LncRNA H19 regulates ID2 expression through competitive binding to hsa-miR-19a/b in acute myelocytic leukemia.

Acute myelocytic leukemia (AML) is the most common type of acute leukemia. Long non‑coding RNAs (lncRNAs) serve an important role in regulating gene expression through chromatin modification, transcription and post‑transcriptional processing. LncRNA H19 was considered as an independent prognostic marker for patients with tumors. The expression of lncRNA H19 was identified to be significantly upregulated in bone marrow samples from patients with AML‑M2. Furthermore, it was demonstrated that the knockdown of lncRNA H19 resulted in increased expression of hsa‑microRNA (miR)‑19a/b and decreased expression of inhibitor of DNA binding 2 (ID2) in AML cells.
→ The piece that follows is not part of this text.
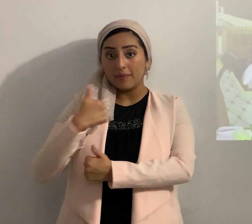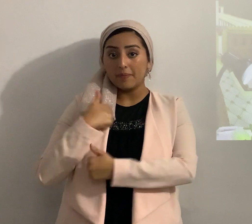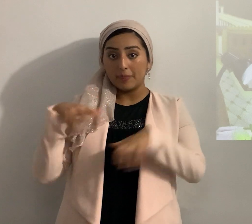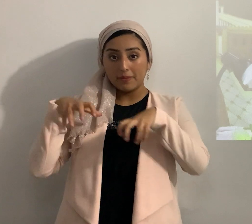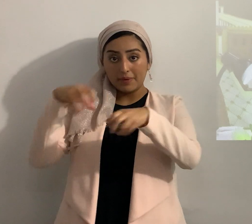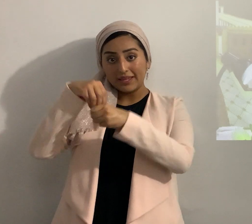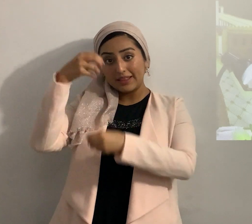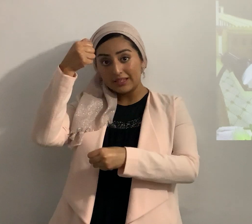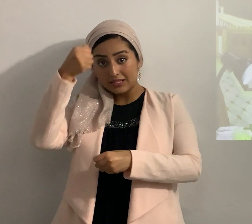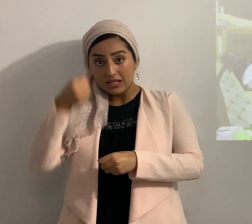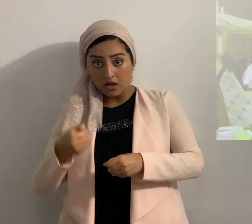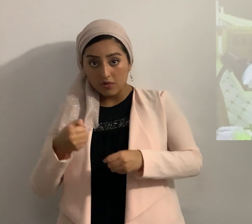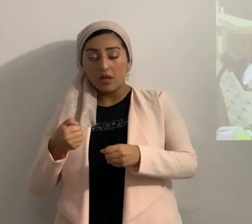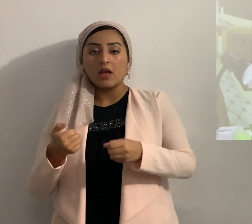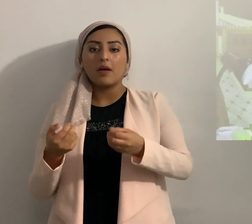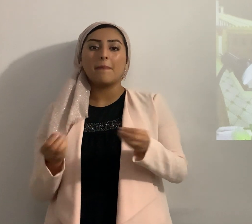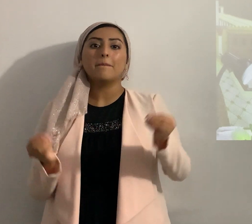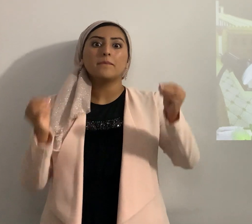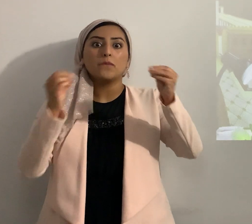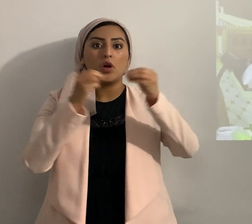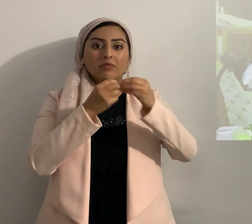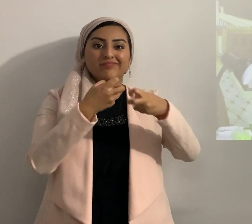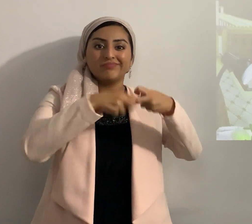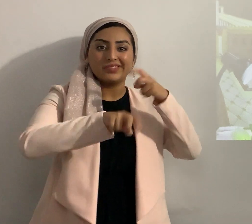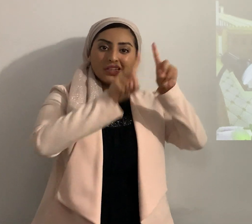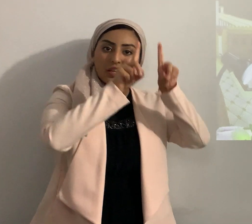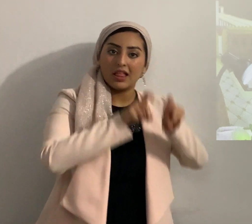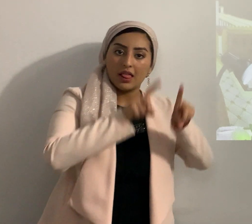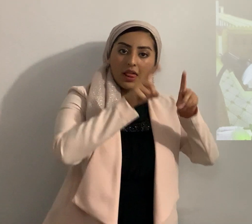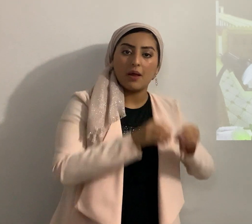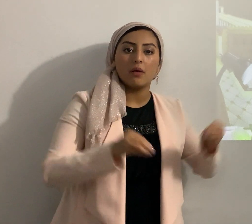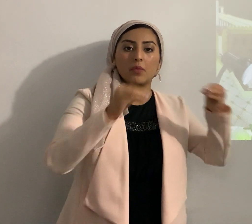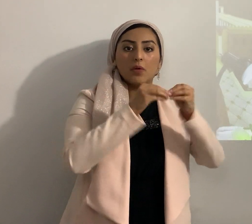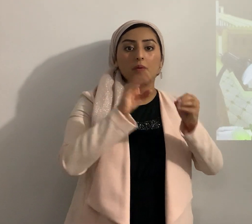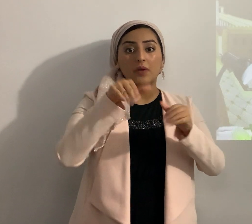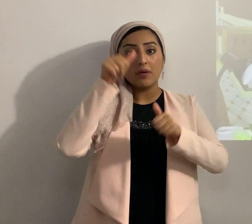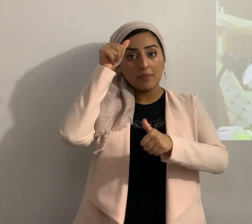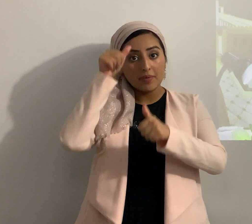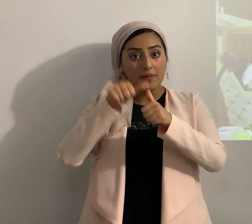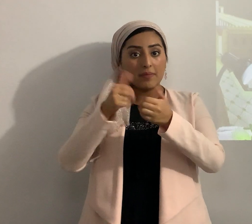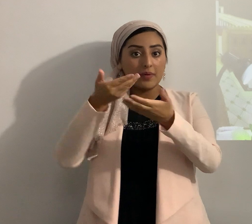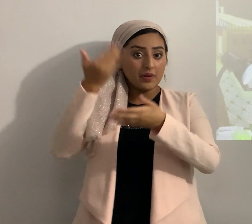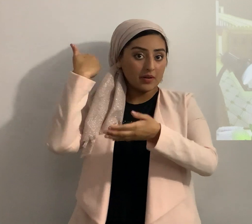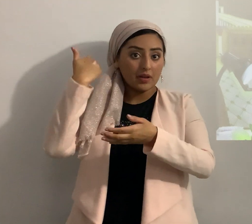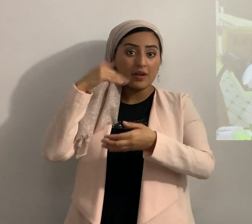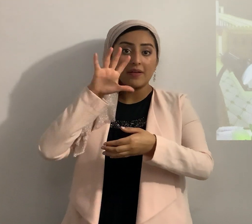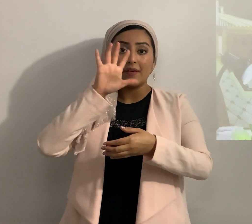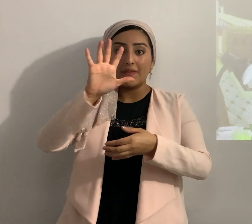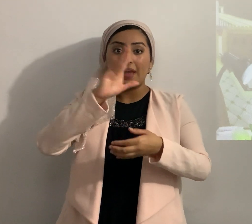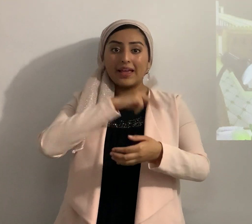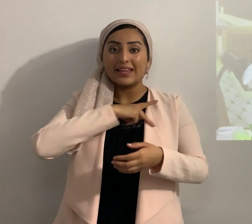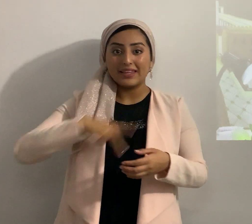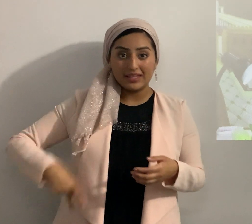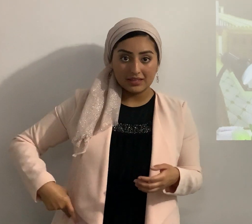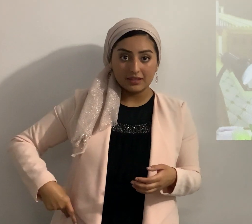se presenta un reto mucho mayor todavía recuerdan, la vez pasada fueron cinco reyes ahora,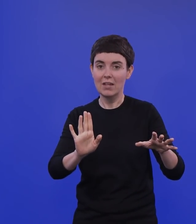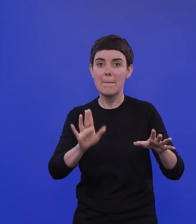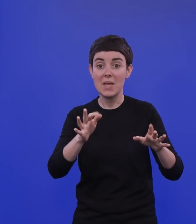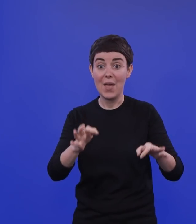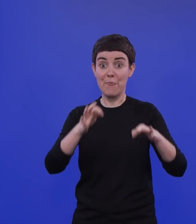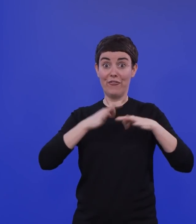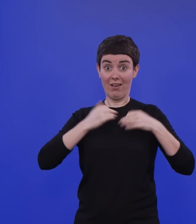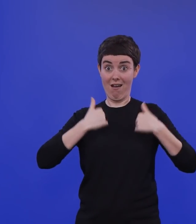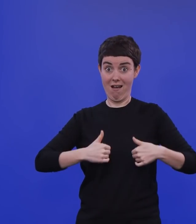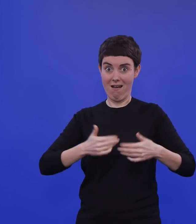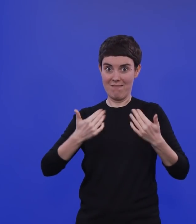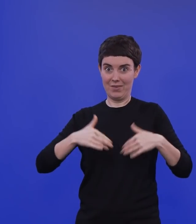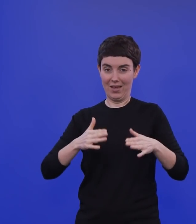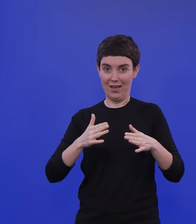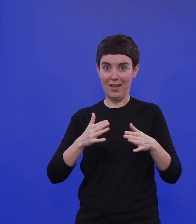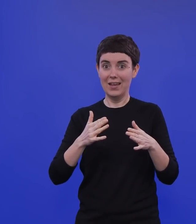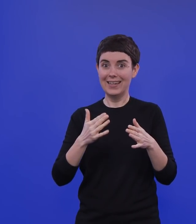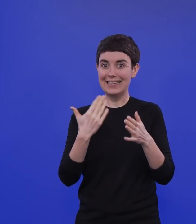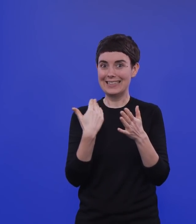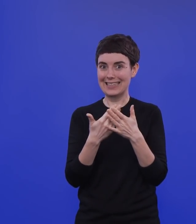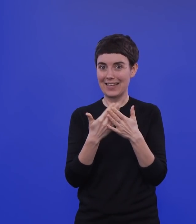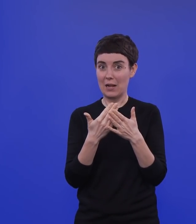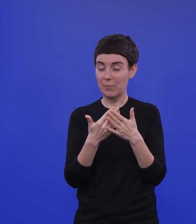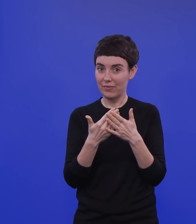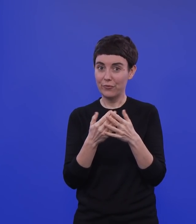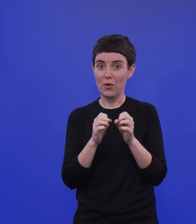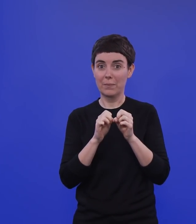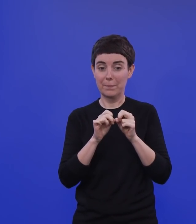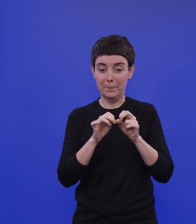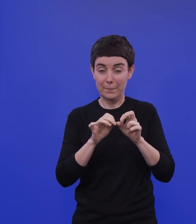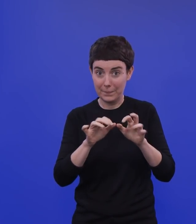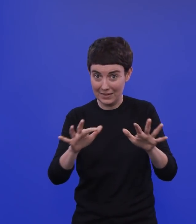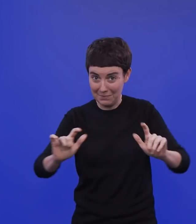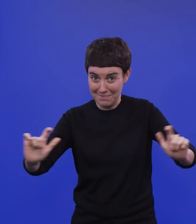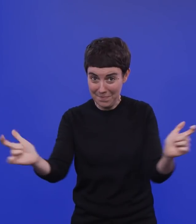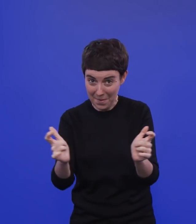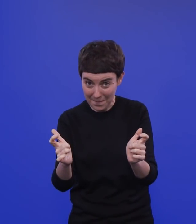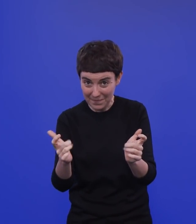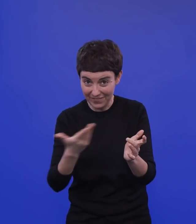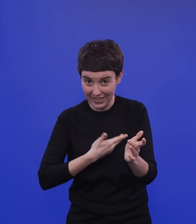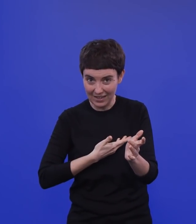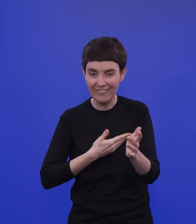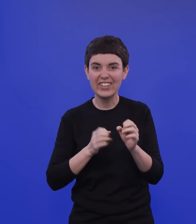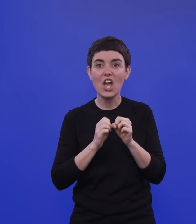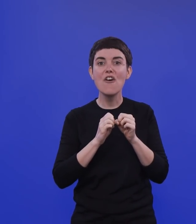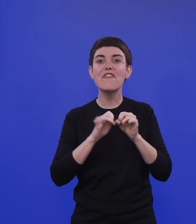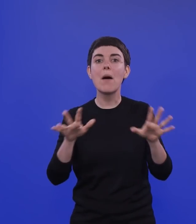Übertragungsketten stehen. Und für die Kontrolle der Epidemietätigkeit müssen wir die Verbreiter impfen. Und es könnte

The knockdown of lncRNA H19 inhibited the proliferation of AML cells in vitro, which could be partially reversed by ID2 overexpression. Furthermore, the results of the bioinformatic analysis revealed potential hsa‑miR‑19a/b‑3p binding sites in lncRNA H19 and ID2. Altogether, the results of the present study suggest that lncRNA H19 regulates the expression of ID2 through competitive binding to hsa‑miR‑19a and hsa‑miR‑19b, which may serve a role in AML cell proliferation.